What it does depend on is my ability to overcome my fear of the good ol’ tabula rasa and get something down on paper. So while your pulse may quicken with terrified anticipation as you gaze across the white expanse between your journal’s covers, stay strong—and try some of these Autostraddle-approved methods to help you get started:
Where in the world is Carmen Sandiego?
Are you sitting at your kitchen table? Hiding in the stacks of a university library? Aboard a cruise ship in the Caribbean? (If so, I’m jealous!) When you begin by describing your location, you immediately give yourself lots to talk about—and your journal will be extremely useful to your biographers when they are attempting to trace your comings and goings during this extremely important period of your life.

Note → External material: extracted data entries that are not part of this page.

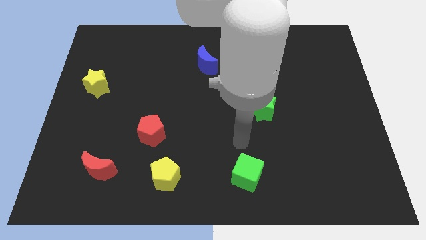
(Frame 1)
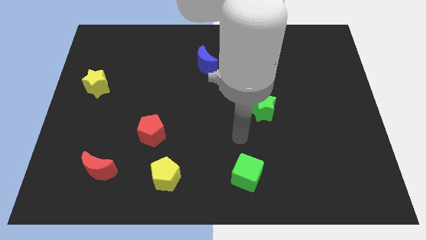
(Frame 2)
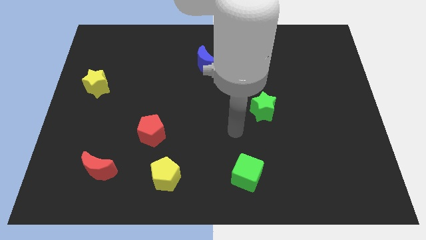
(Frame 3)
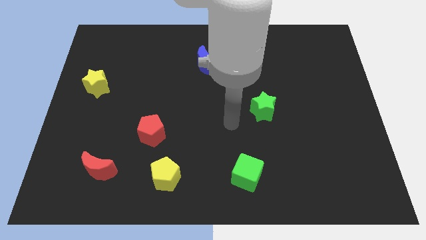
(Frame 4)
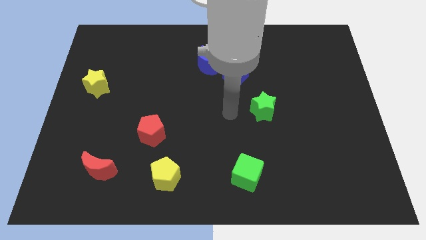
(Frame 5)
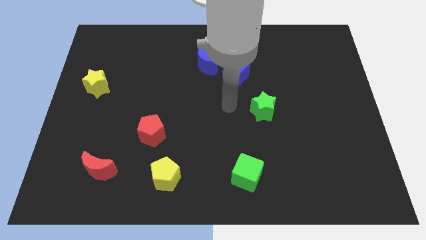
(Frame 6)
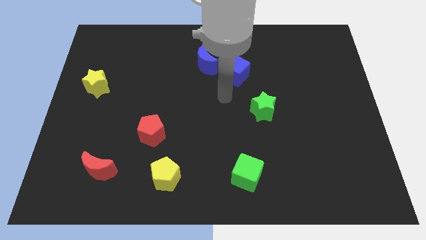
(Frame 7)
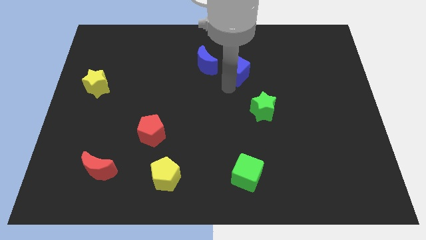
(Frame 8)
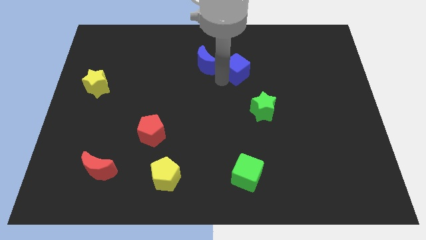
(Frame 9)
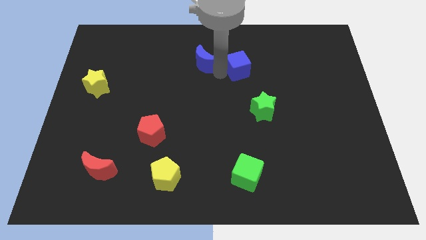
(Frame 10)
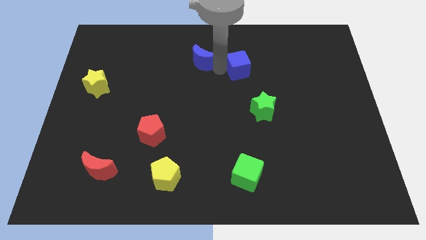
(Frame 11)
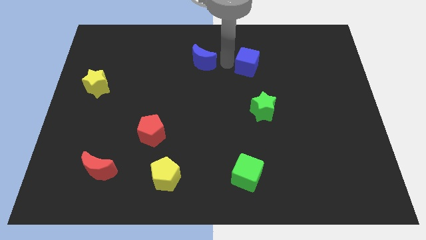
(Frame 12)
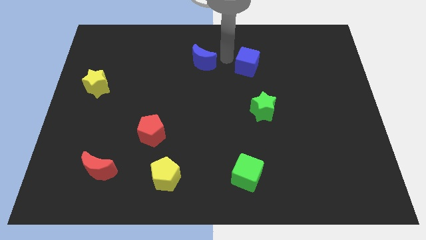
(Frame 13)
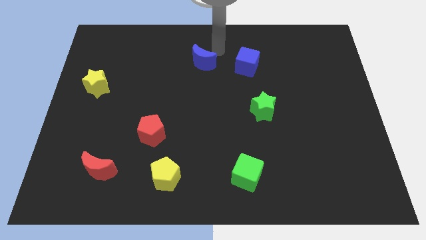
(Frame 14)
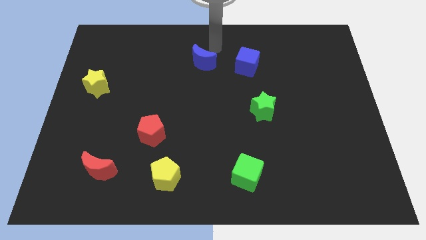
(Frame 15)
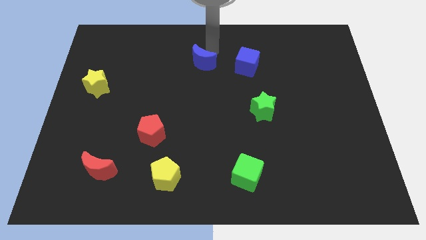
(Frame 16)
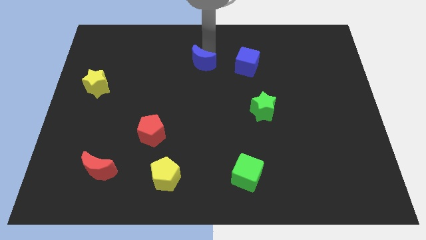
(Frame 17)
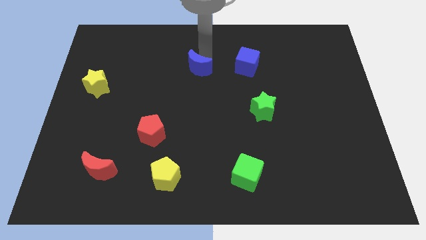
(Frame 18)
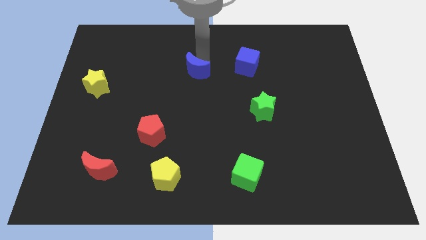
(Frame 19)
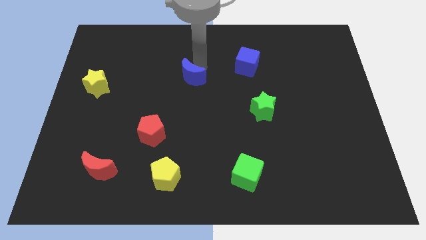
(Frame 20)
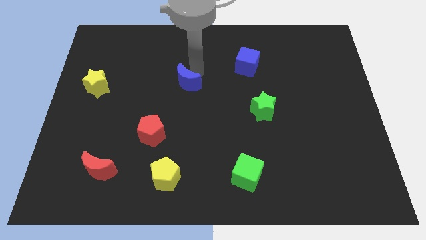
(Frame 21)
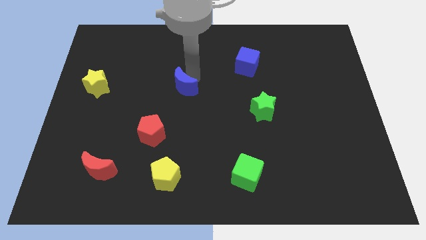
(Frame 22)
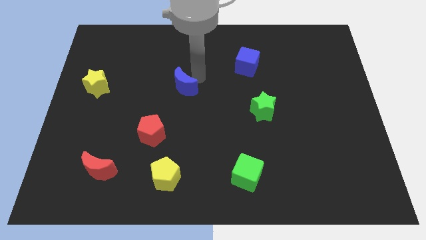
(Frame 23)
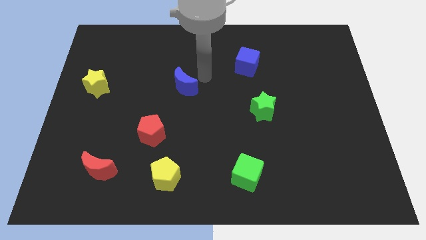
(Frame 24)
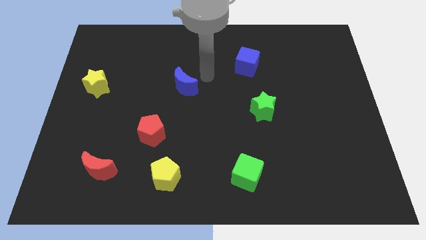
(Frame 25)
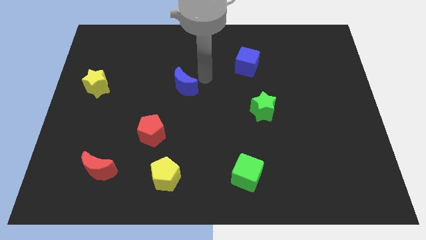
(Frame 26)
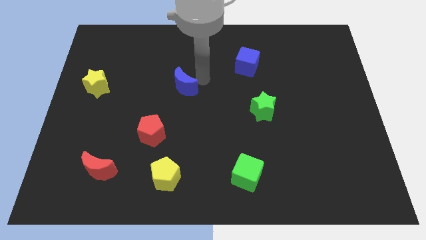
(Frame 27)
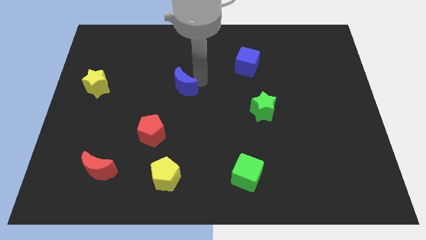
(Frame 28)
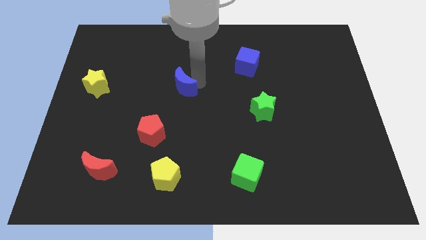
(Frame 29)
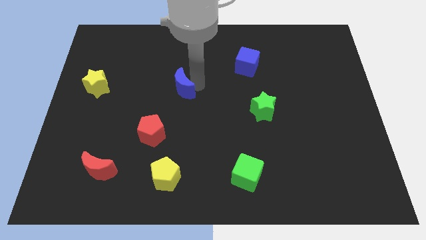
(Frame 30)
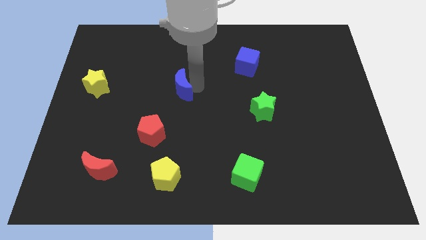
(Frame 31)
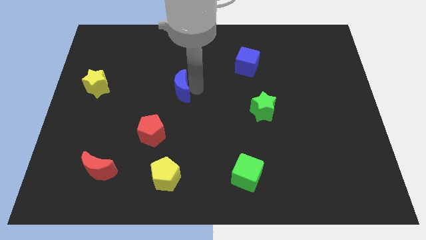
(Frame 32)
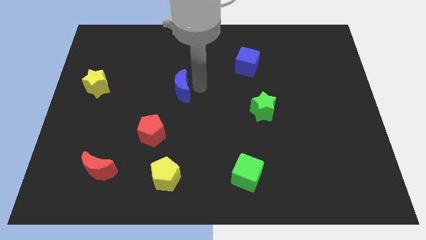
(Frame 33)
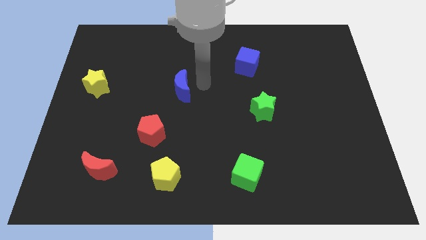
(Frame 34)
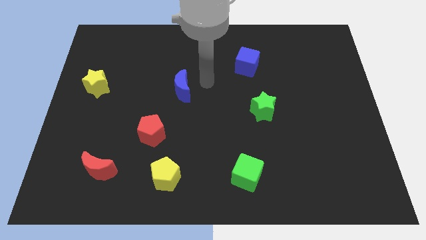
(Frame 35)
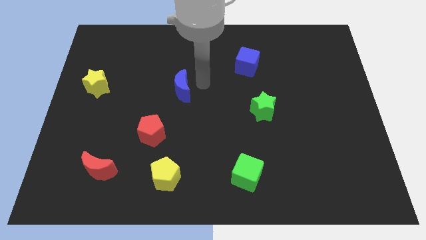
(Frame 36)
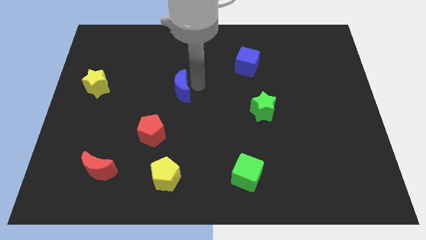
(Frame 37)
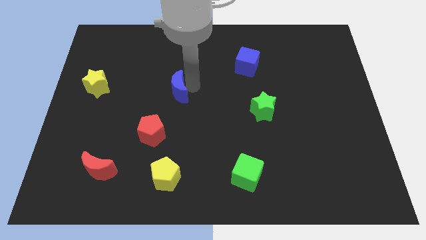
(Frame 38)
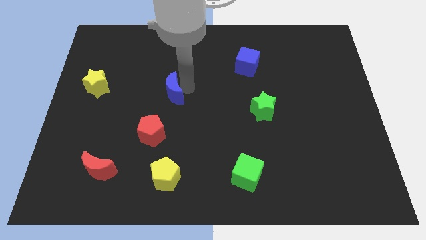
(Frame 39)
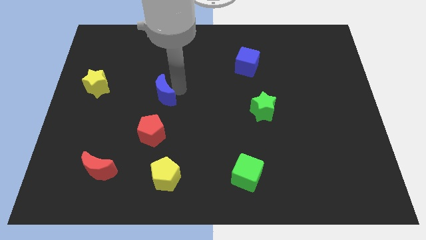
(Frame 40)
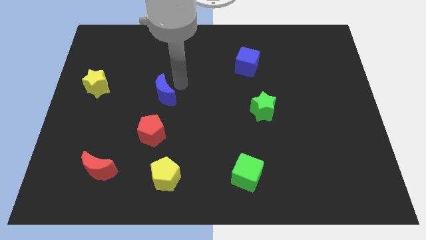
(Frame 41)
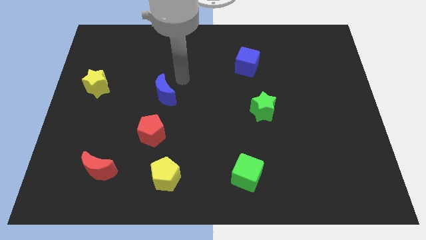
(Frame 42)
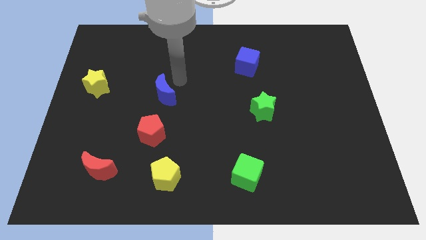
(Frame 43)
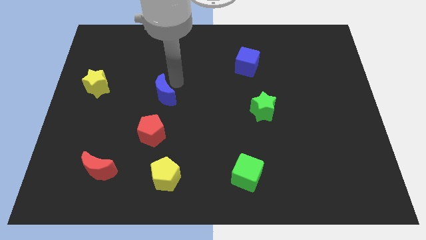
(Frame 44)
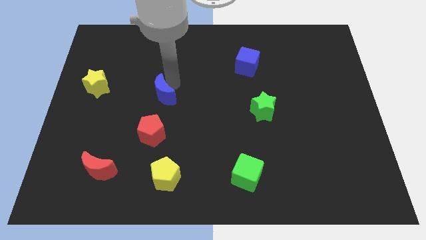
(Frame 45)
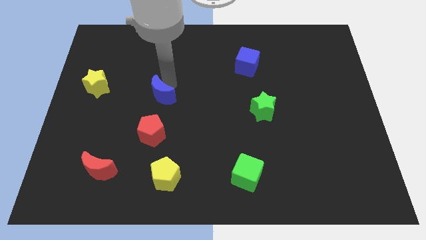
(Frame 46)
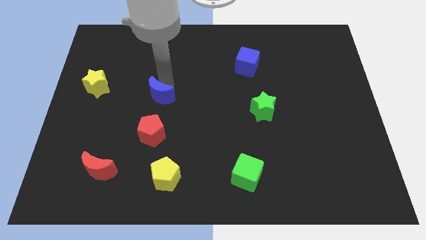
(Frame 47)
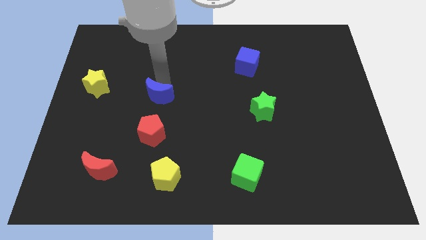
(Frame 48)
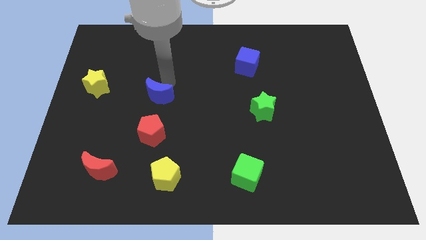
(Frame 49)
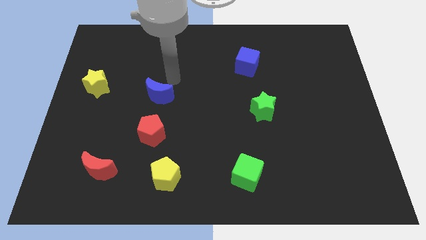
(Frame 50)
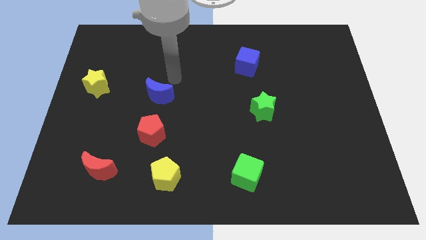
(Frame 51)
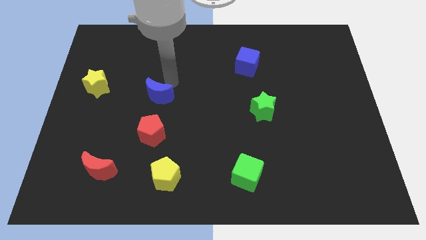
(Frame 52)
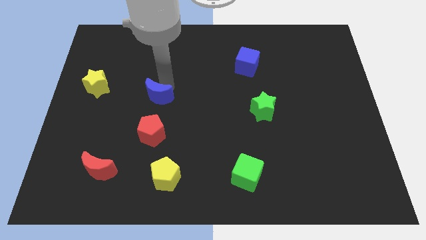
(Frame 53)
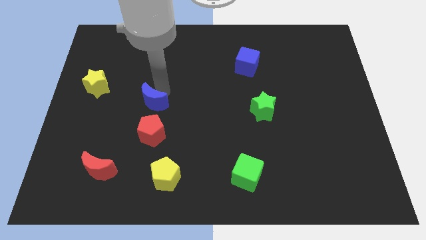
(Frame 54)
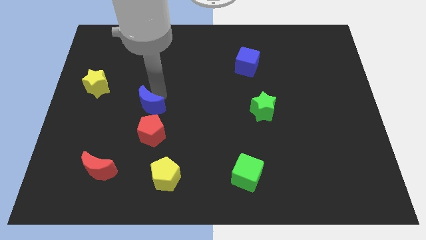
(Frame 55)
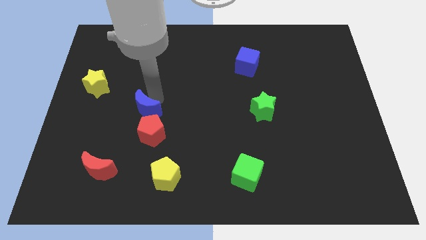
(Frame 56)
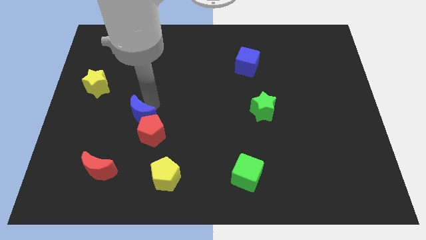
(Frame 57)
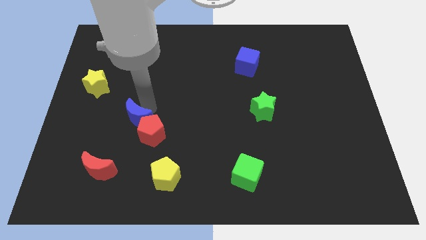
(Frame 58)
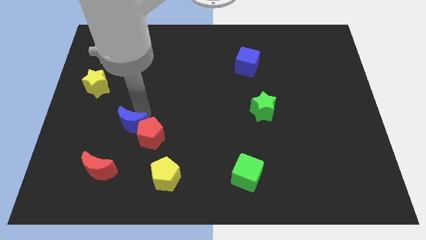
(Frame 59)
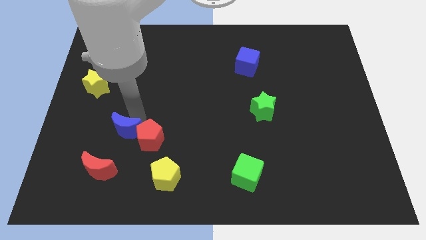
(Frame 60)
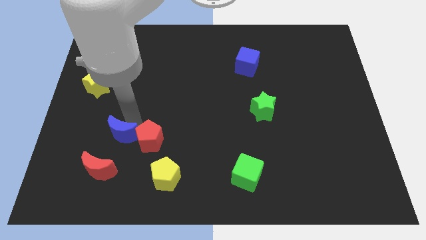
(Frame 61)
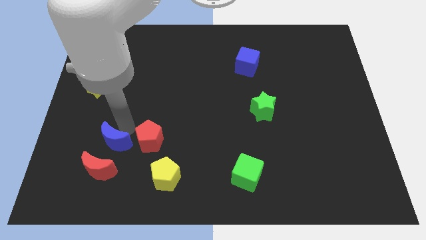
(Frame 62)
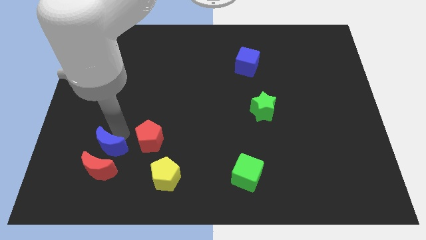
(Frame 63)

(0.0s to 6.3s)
move the blue moon close to the red moon

If you’d prefer to bask in the artistic brilliance of someone other than yourself, then try transcribing your favorite quotation as a way of getting the ball rolling. If you’re looking for inspiration in the form of both quotations and music, may I humbly suggest the brilliant Maria Popova’s Literary Jukebox?
Draw a picture
No words required! Unless you, like me, end up having to label any attempts at recognizable artwork.
Don’t be afraid to be a traditionalist
In the event that none of the above approaches seems like quite the right fit, it might be time to consider two little words: “Dear Diary.” As my mother would say, they’re “simple, yet elegant, and oh so right.” And they’re even alliterative!
Whatever you do, my darlings, do it with panache, and you will be on your way to a diary for the ages! Write on.